Apollo Theater Celebrates Harlem Week 2020 on Wednesday, August 19

WHAT:  On Wednesday, August 19, the world-famous Apollo Theater will help celebrate HARLEM WEEK 2020, with a line-up of special digital programs that pay tribute to the Theater’s home in one of the most culturally influential neighborhoods in the world.

The Apollo’s HARLEM WEEK programming includes a dance party with former DJ of the Fugees and official DJ of the Apollo Music Café series, DJ Hard Hittin’ Harry, who will spin a mix of house, hip-hop, and R&B. The Theater will also host two of the Apollo’s New Works artists, Ebony Noelle Golden and Kamau Ware—selected by the Theater to create original new works as part of the Apollo’s first multi-work commissioning initiative—in conversation with Apollo Executive Producer Kamilah Forbes. Together, they will discuss their artistic inspirations, their projects for Apollo New Works, and address the significance of Black artists’ voices during the worldwide social justice and Black Lives Matter movements.

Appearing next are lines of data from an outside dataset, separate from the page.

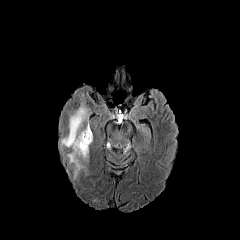
FLAIR MRI.
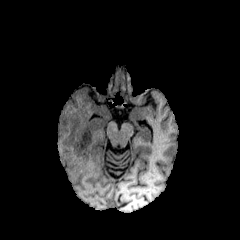
Same slice, T1-weighted MR.
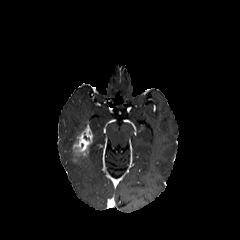
Post-contrast T1-weighted magnetic resonance.
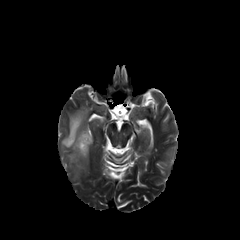
T2-weighted magnetic resonance of the same slice.
The edema is at 59, 102, 91, 179. The enhancing tumor appears at 73, 124, 93, 156.
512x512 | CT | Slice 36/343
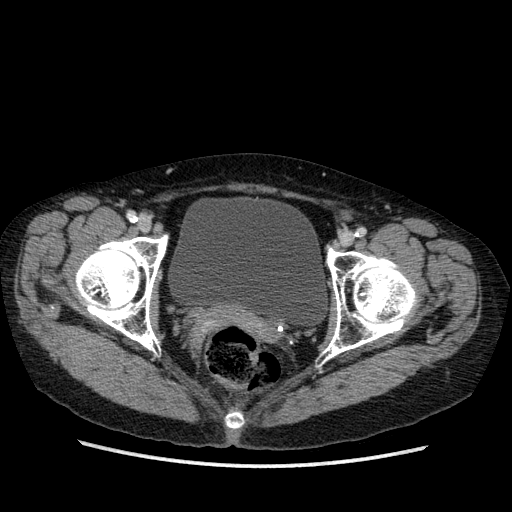
Urinary bladder = (168, 196, 329, 326).
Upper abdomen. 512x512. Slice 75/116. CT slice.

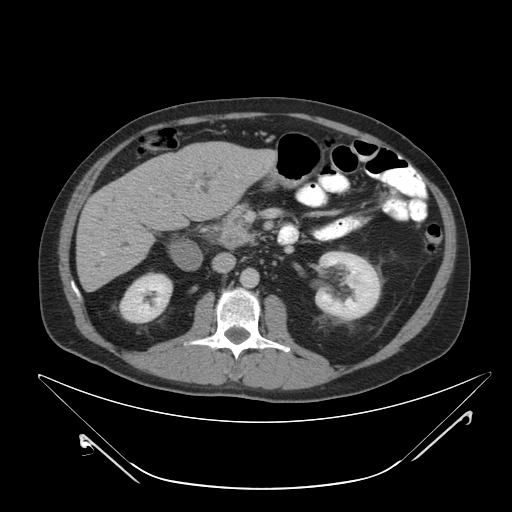

The pancreatic tumor is bounded by 220 230 251 247. The pancreas lies within 220 204 252 237.
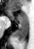
Magnetic resonance | Hippocampus

Anterior hippocampus: bbox=[16, 14, 27, 20]; bbox=[7, 10, 13, 19].
Posterior hippocampus: bbox=[16, 21, 27, 40].
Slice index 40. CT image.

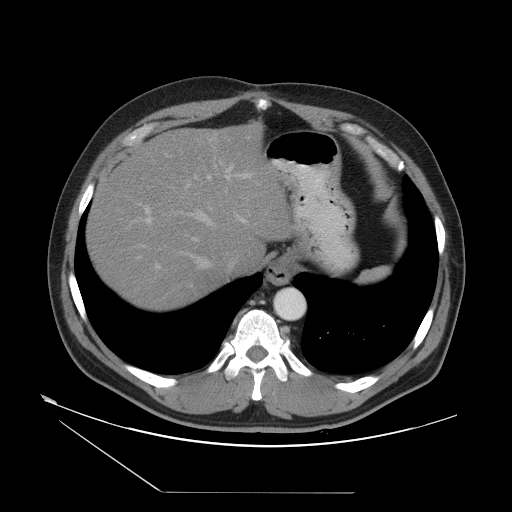 Some hepatic vessels may have no box.
hepatic_vessel:
  - box=[194, 176, 196, 178]
  - box=[136, 204, 142, 205]
  - box=[207, 176, 210, 179]
  - box=[180, 252, 191, 257]
  - box=[192, 238, 196, 241]
  - box=[177, 211, 211, 225]
  - box=[137, 257, 138, 258]
  - box=[235, 217, 246, 223]
  - box=[185, 185, 188, 187]
  - box=[130, 206, 150, 224]
  - box=[195, 258, 209, 268]
  - box=[225, 165, 251, 179]
  - box=[165, 155, 167, 156]
  - box=[155, 265, 159, 268]
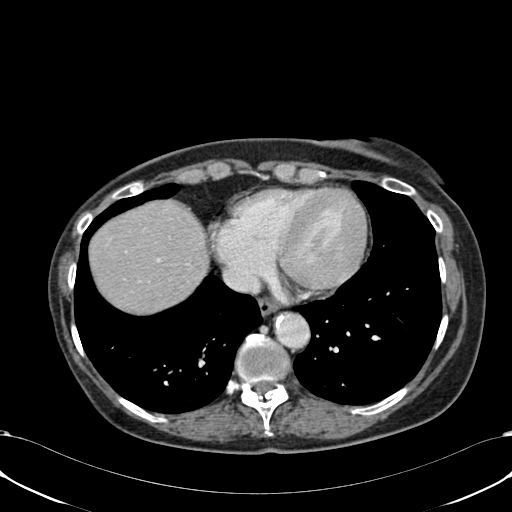 512x512 px, CT

Annotated regions:
• liver: box(90, 202, 206, 311)

The Apollo Theater has been a cultural anchor in the Harlem community for more than eight decades, and has participated in HARLEM WEEK since the festival’s inception, highlighting the Theater’s longstanding mission to create spaces for artists and audiences to express themselves while celebrating music’s power to unite, transform, and heal.

All Apollo Theater events for HARLEM WEEK 2020 are free, and more information is available on the Apollo’s website. For a full program calendar of HARLEM WEEK events, running from Sunday, August 16 to Saturday, August 23, please visit harlemweek.com/calendar.

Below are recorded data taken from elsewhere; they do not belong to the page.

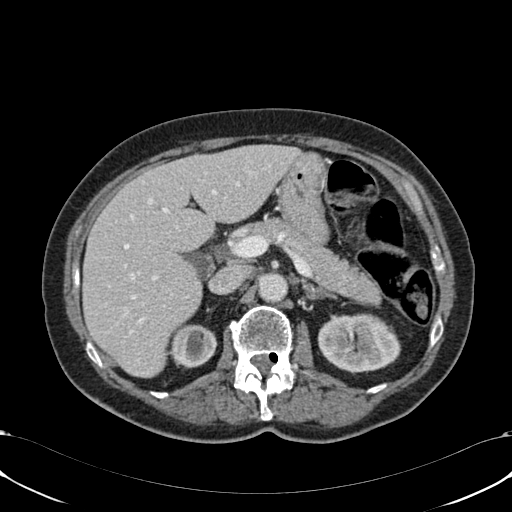
CT. 512x512. Upper abdomen.
The liver appears at [83, 145, 302, 377]. 2 kidney regions are bounded by [168, 320, 216, 366], [318, 315, 399, 370].
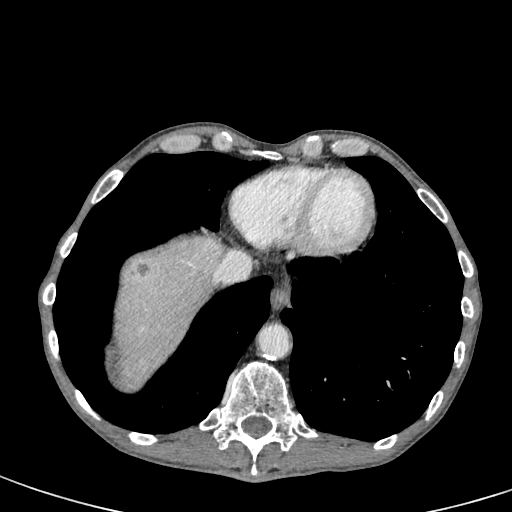 CT slice; Liver

The liver lesion is at x1=136, y1=262, x2=149, y2=275. The liver lies within x1=114, y1=235, x2=224, y2=386.
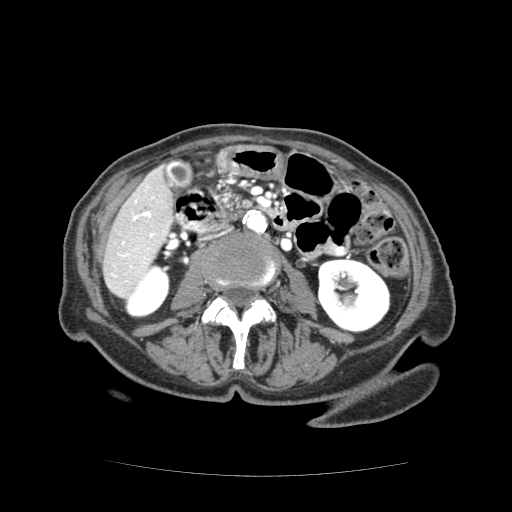 CT. Segmented structures:
- pancreas: <bbox>220, 186, 245, 210</bbox>

WHERE: The Apollo’s HARLEM WEEK 2020 programs will stream live on the  Apollo Digital Stage (www.apollotheater.org/digitalstage) and the Apollo’s Facebook page. Following the livestream, recordings of the events will be accessible on the Apollo Digital Stage.

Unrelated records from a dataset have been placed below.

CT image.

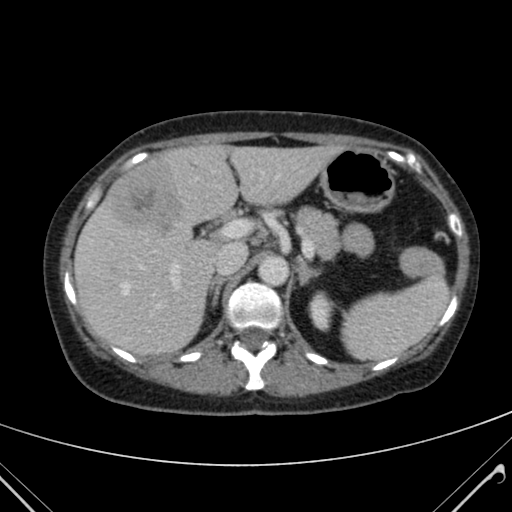

Kidney — x1=313 y1=300 x2=326 y2=325.
Liver — x1=76 y1=144 x2=330 y2=356.
Hepatic lesion — x1=107 y1=162 x2=186 y2=237.
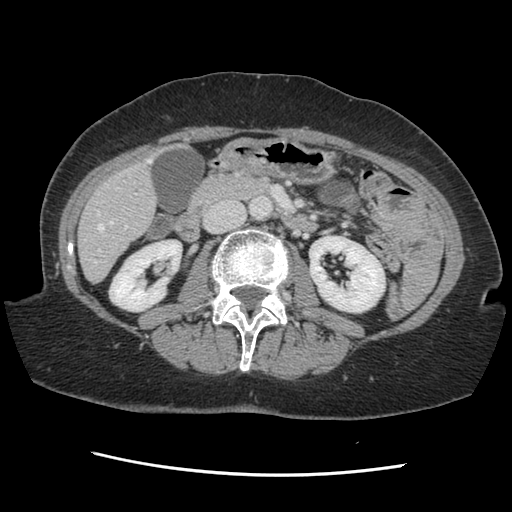 Liver | CT scan slice

The vessel boxes may cover only some of the vessels.
* hepatic vessel: 125,226,126,227; 97,211,98,213; 109,221,112,223; 95,261,96,262; 148,159,151,162; 98,224,103,230; 98,249,100,250

WHEN: Wednesday, August 19  

5:00 – 7:00pm ET: Apollo Theater Dance Party Featuring DJ Hard Hittin’ Harry  

The Apollo will kick off its HARLEM WEEK 2020 events with a mix of house, hip-hop, and R&B hits curated by Apollo Music Café mainstay, DJ Hard Hittin’ Harry. The two-hour virtual dance party will give a taste of the Apollo Music Café series, showcasing a myriad of genres (R&B, hip-hop, soul, jazz, pop, funk, and rock) that reflect the diversity and vibrancy of the Harlem community.  

7:00 – 8:00pm ET:

Apollo New Works in Conversation, Featuring Apollo Executive Producer Kamilah Forbes and Artists Ebony Noelle Golden and Kamau Ware

Following the Apollo Theater Dance Party on August 19, Apollo Executive Producer Kamilah Forbes will speak with two members of the inaugural Apollo New Works cohort, the Theater’s first multi-work commissioning initiative dedicated to the creation of diverse, 21st-century American performing arts canon. Artist, scholar, culture strategist, and Harlem-resident Ebony Noelle Golden, whose project is a commission for the Park Avenue Armory’s 100 Years | 100 Woman program, a celebration of the 100th anniversary of women’s suffrage, and visual storyteller and founder of Black Gotham Experience Kamau Ware will discuss their artistic process and their commissioned works for the Apollo. As part of the Apollo’s commissioning initiative, Kamau Ware is designing a site-specific, immersive walking tour that centers on and celebrates the Harlem Renaissance and the Apollo’s rich history. Further, Ebony Noelle Golden is creating a multidisciplinary performance triptych involving dance, music, and visual art that seeks to answer the question: “How does a liberated black feminist world operate, work, exist, and sustain when systems of oppression fall away?”

ABOUT HARLEM WEEK

HARLEM WEEK is an annual festival that celebrates one of the world’s most culturally rich neighborhoods with conferences, seminars, music, food, and more. This year’s digital HARLEM WEEK, from Sunday, August 16 to Saturday, August 23, brings the culture, history, resilience, and strength of Harlem to the world. For more information about HARLEM WEEK, please visit harlemweek.com.

ABOUT THE APOLLO THEATER

The legendary Apollo Theater—the soul of American culture—plays a vital role in cultivating emerging artists and launching legends. Since its founding, the Apollo has served as a center of innovation and a creative catalyst for Harlem, the city of New York, and the world.  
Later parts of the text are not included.